_What the task asks:_ Nothing but the line holding "type: boreal forest" and the lines after it, through the end of the records, should be set down, each exactly as it is.
___ Available data
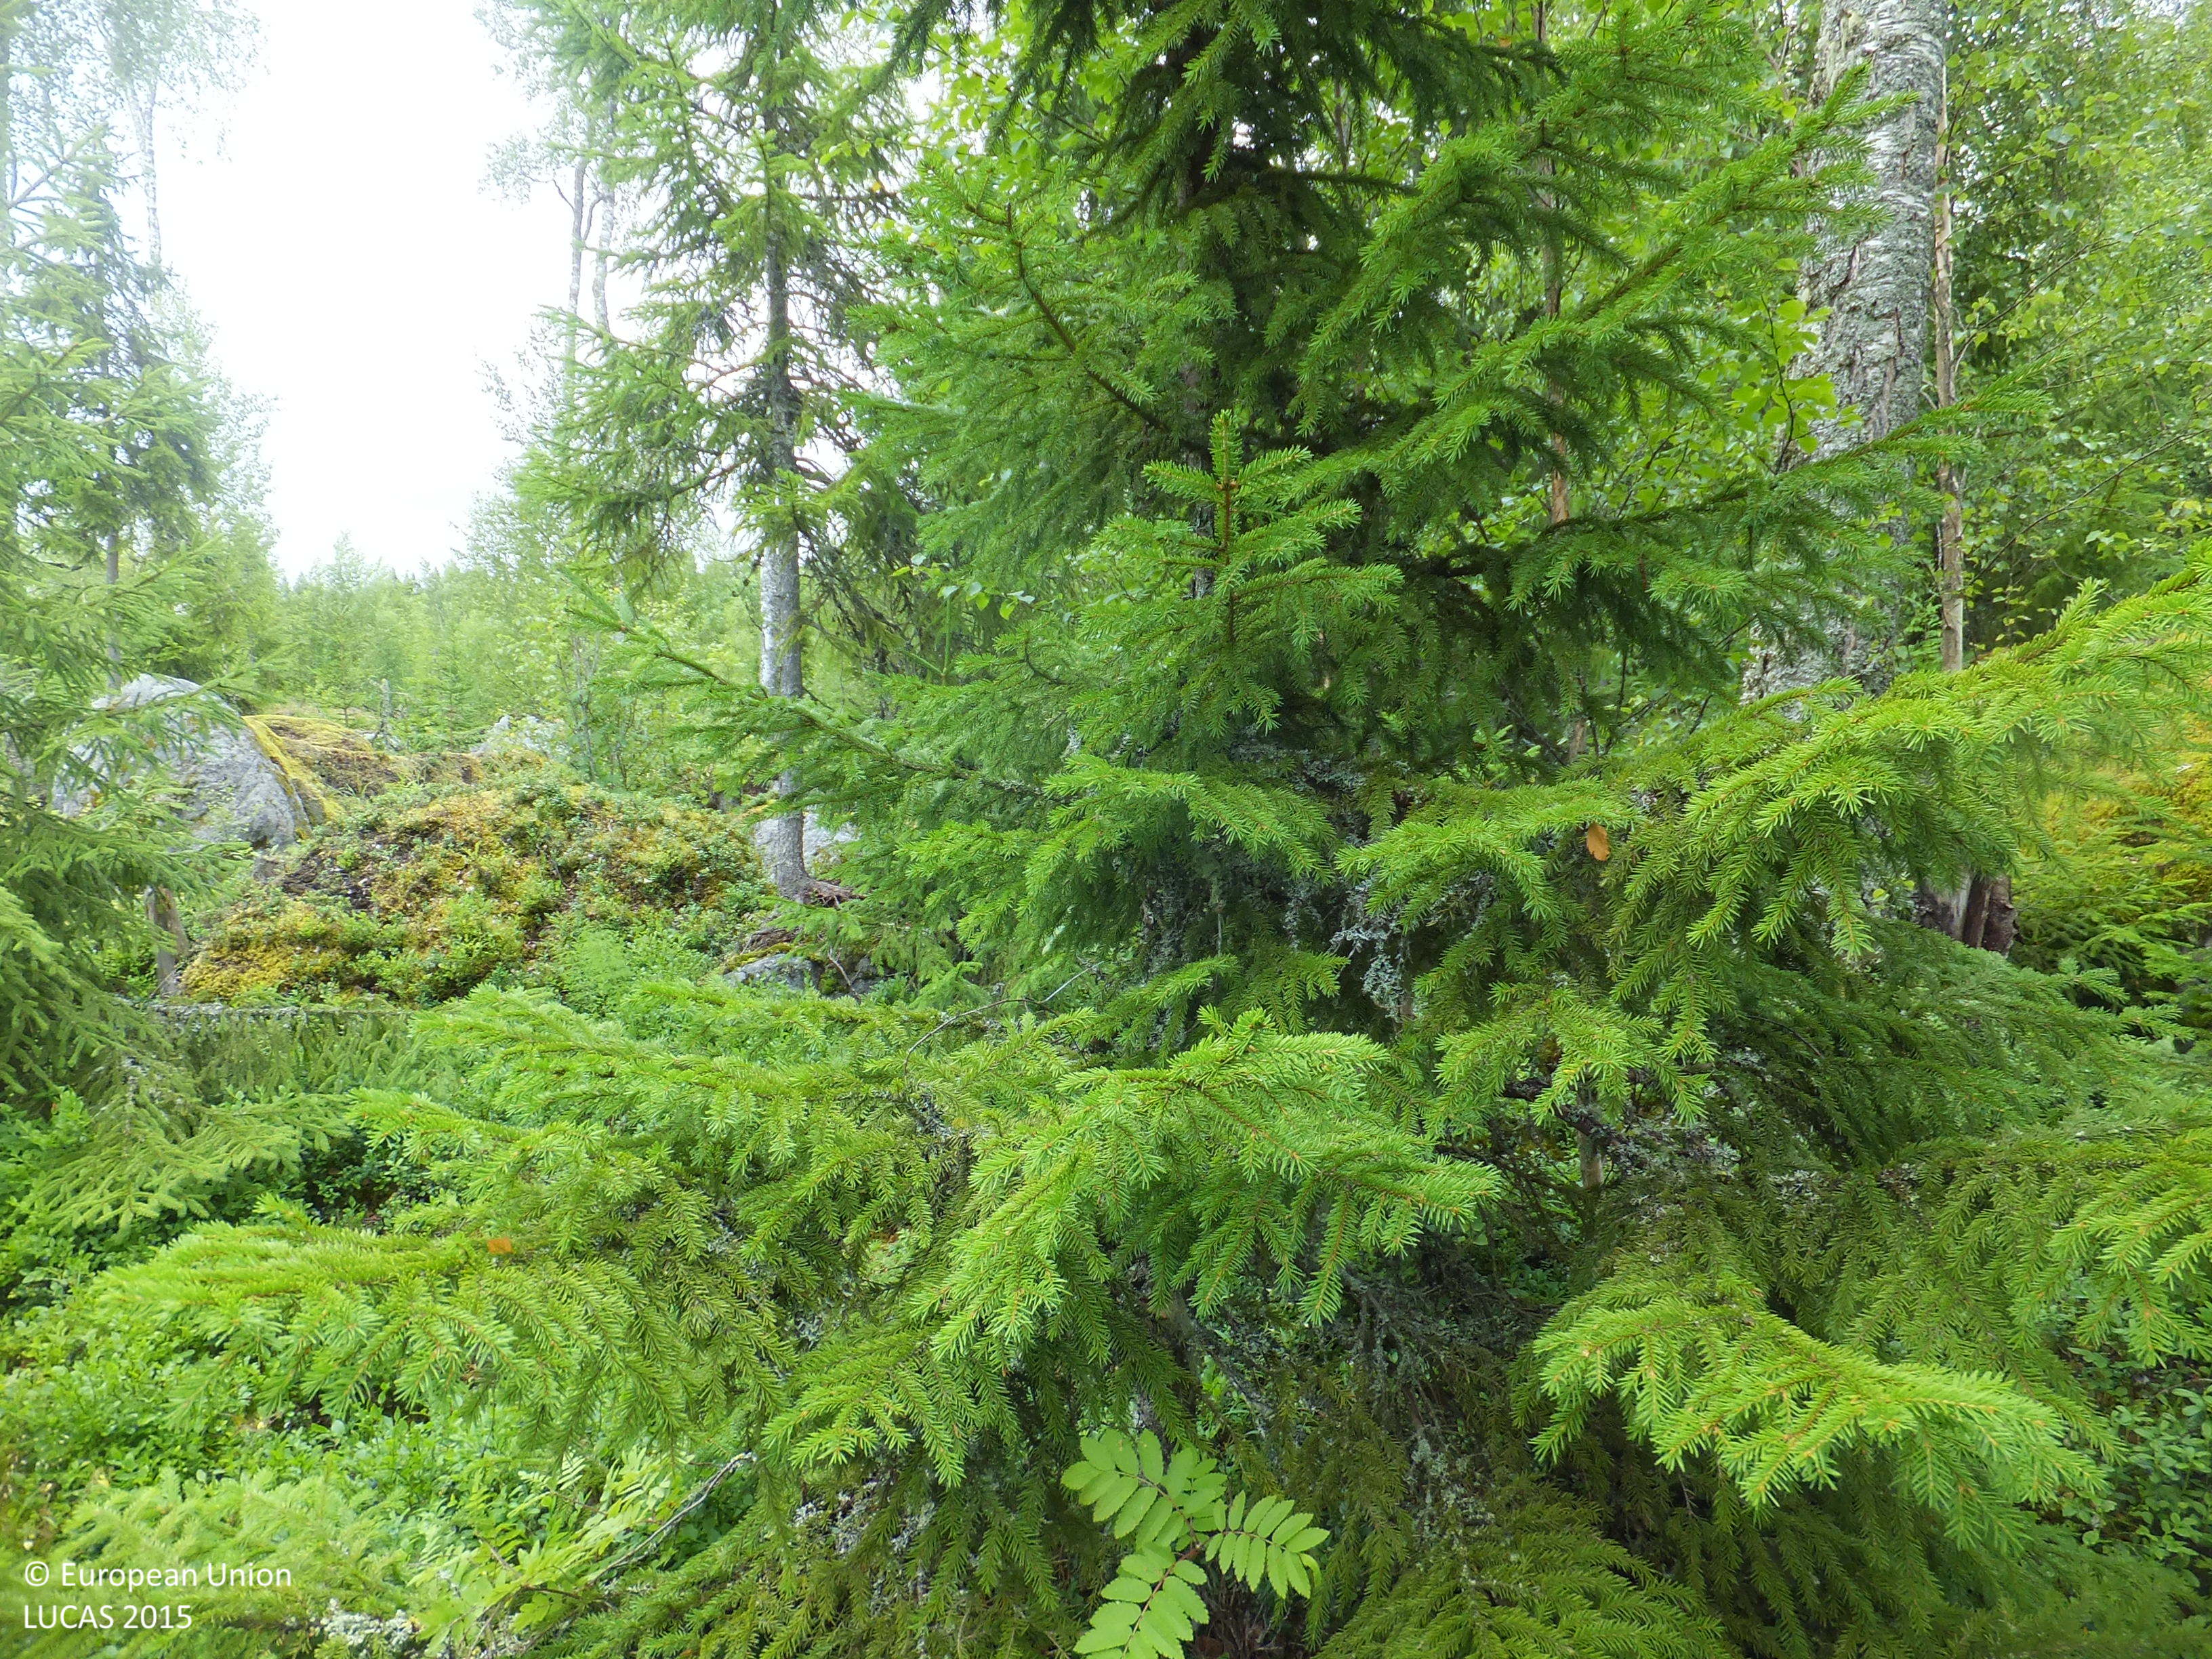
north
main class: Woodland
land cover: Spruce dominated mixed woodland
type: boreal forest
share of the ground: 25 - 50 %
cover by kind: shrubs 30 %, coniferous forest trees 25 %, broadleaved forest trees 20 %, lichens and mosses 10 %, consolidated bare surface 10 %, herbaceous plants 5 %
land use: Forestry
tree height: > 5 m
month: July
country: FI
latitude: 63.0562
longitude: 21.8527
______
_Task result:_
type: boreal forest
share of the ground: 25 - 50 %
cover by kind: shrubs 30 %, coniferous forest trees 25 %, broadleaved forest trees 20 %, lichens and mosses 10 %, consolidated bare surface 10 %, herbaceous plants 5 %
land use: Forestry
tree height: > 5 m
month: July
country: FI
latitude: 63.0562
longitude: 21.8527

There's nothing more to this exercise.